[YOUR TASK]
Leave out every picture, and restate word for word only the lines from the one containing "Time since image 1: 2.7 seconds." through the end of the material.

#### GIVEN ENTRIES

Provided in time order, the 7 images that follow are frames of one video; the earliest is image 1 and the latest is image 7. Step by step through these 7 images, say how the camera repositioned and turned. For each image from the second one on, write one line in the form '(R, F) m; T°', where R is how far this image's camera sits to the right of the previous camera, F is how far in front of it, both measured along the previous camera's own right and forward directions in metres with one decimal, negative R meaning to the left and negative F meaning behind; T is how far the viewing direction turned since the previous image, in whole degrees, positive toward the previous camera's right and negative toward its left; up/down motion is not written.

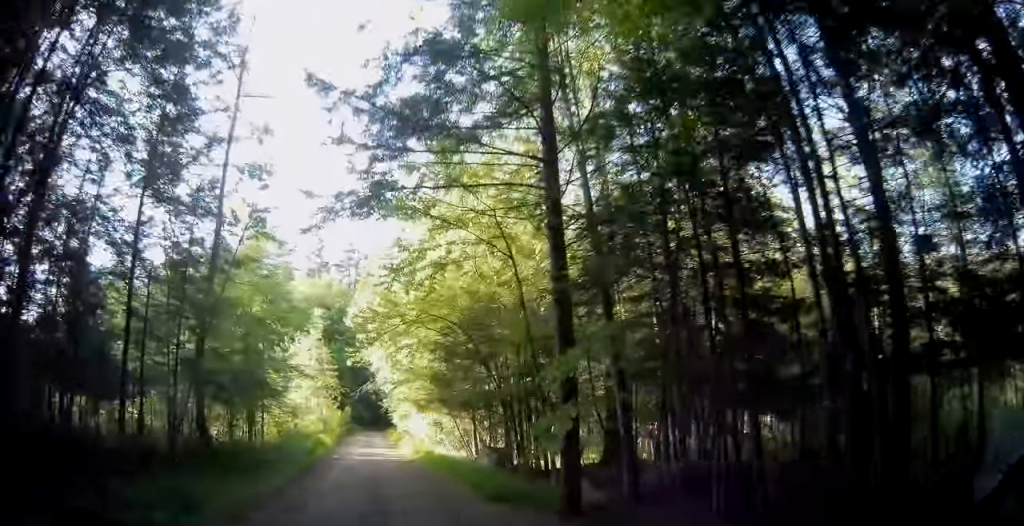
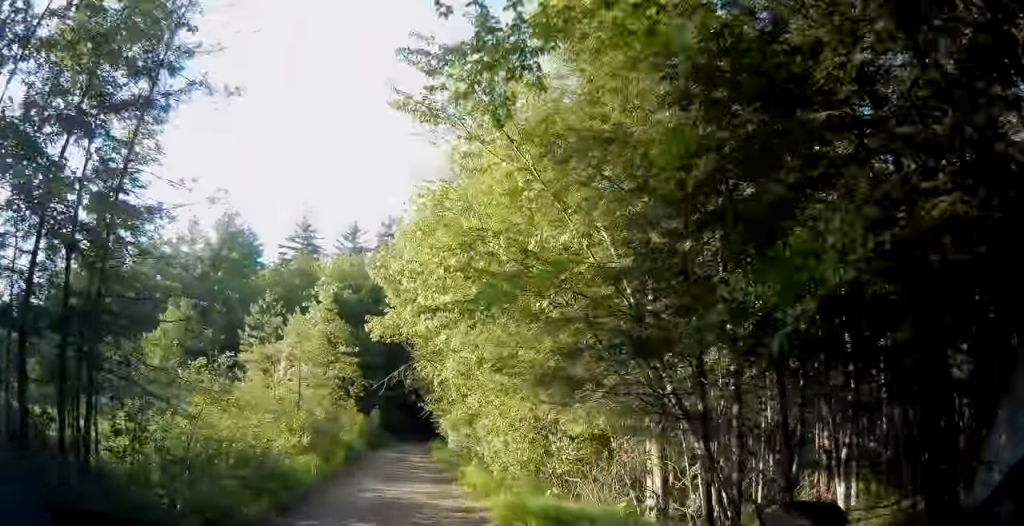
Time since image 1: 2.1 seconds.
(-0.2, +15.7) m; -3°
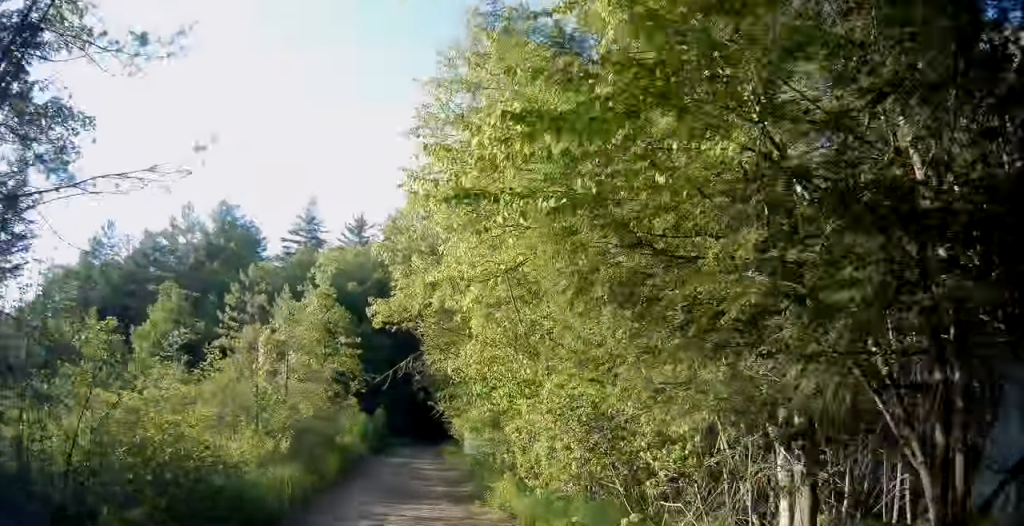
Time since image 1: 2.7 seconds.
(0.0, +4.1) m; 0°
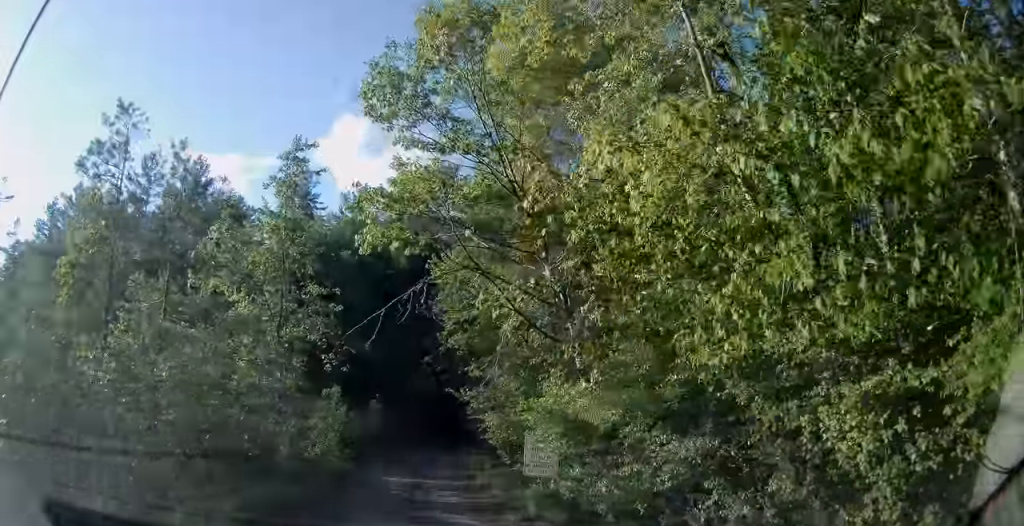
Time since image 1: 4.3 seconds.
(0.0, +11.2) m; 0°
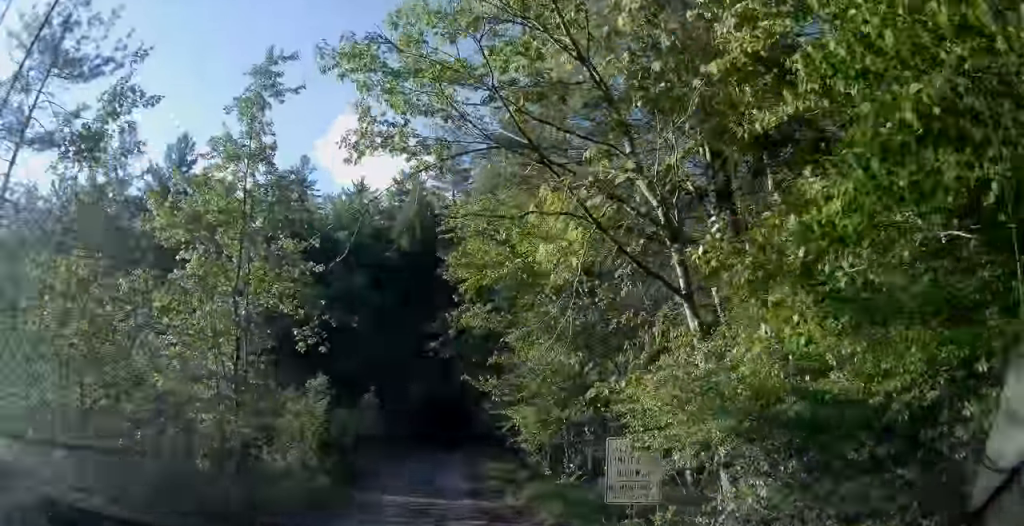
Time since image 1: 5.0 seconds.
(0.0, +5.2) m; 0°
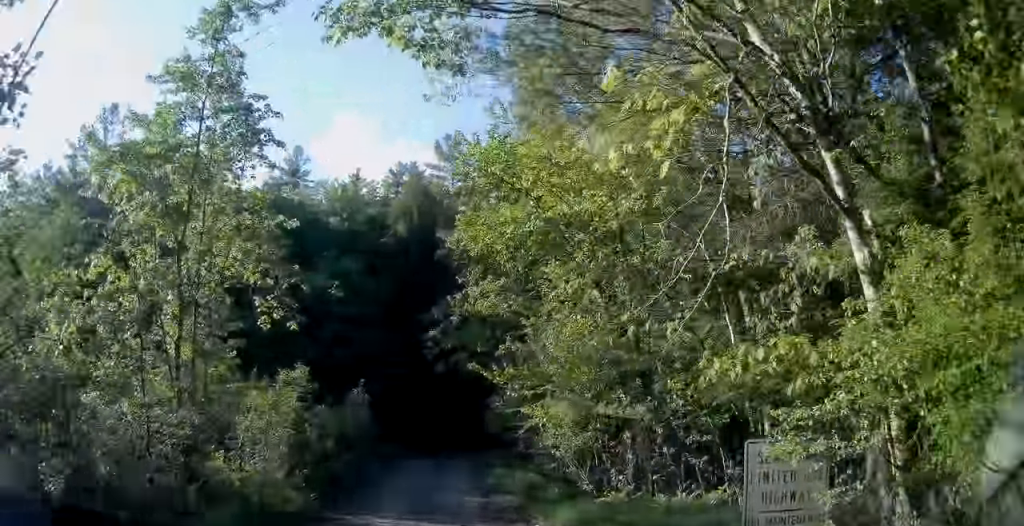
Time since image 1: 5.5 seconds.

########

[RESULT OF THE TASK]
Time since image 1: 2.7 seconds.
(0.0, +4.1) m; 0°
Time since image 1: 4.3 seconds.
(0.0, +11.2) m; 0°
Time since image 1: 5.0 seconds.
(0.0, +5.2) m; 0°
Time since image 1: 5.5 seconds.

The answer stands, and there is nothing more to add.